With the pandemic having served to intensify interest in and support for more flexible working practices, employees are prepared to walk away from a job if they don’t get the benefits that they feel they deserve (aka The Great Resignation).

And in one of the most competitive labour markets the UK has ever experienced, where the number of job vacancies has soared to a record high, and where the war on talent has never been greater, employees are calling the shots. That means if businesses want to attract and retain talent, they need to give employees what they want.  

Atom Bank’s Mullen hopes that with the introduction of less hours and a four-day week, it will help attract talent at a time when staff attrition at the bank is “unusually” high due to the pandemic. “With Covid-19 causing vast numbers of people to reconsider how they want to live their lives, anything that leads to more productive, healthier, and crucially, happier, colleagues, is a win for everyone,” he says. 

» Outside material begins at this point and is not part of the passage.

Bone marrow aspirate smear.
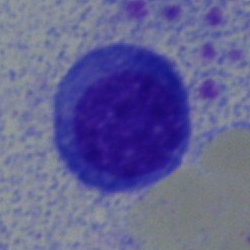
Morphology consistent with a plasmacyte.

Enhanced benefits – extended parental leave to wellbeing days

While the offer of a four-day working is one workplace perk seeing traction, employers are padding out their benefits packages in all areas in an attempt to ease burnout, improve work-life balance, improve productivity and retain top talent.

Among the benefits being enhanced by UK employers are parental perks with an increase both in paid leave days for both parents and increased flexibility upon a parent’s return; annual wellbeing days; and even unlimited holidays.

Recent data from job site Indeed reveals that the number of jobs offering ‘generous’ or extended parental leave has risen by 201% with enhanced parental leave packages now three times higher than it was in 2018. AB InBevVirgin Money and law firm TLT are among the latest UK companies to announce enhanced parental leave policies.

Meanwhile, London financial services firm Finncap Group has just announced unlimited holidays for its employees from 2022 onwards, in a bid to prevent burnout.

Recognising that their employees were experiencing mental health strain due to the pandemic, the firm announced that employees must take a minimum of four weeks leave plus 2-3 days every quarter and can take as much leave as they need.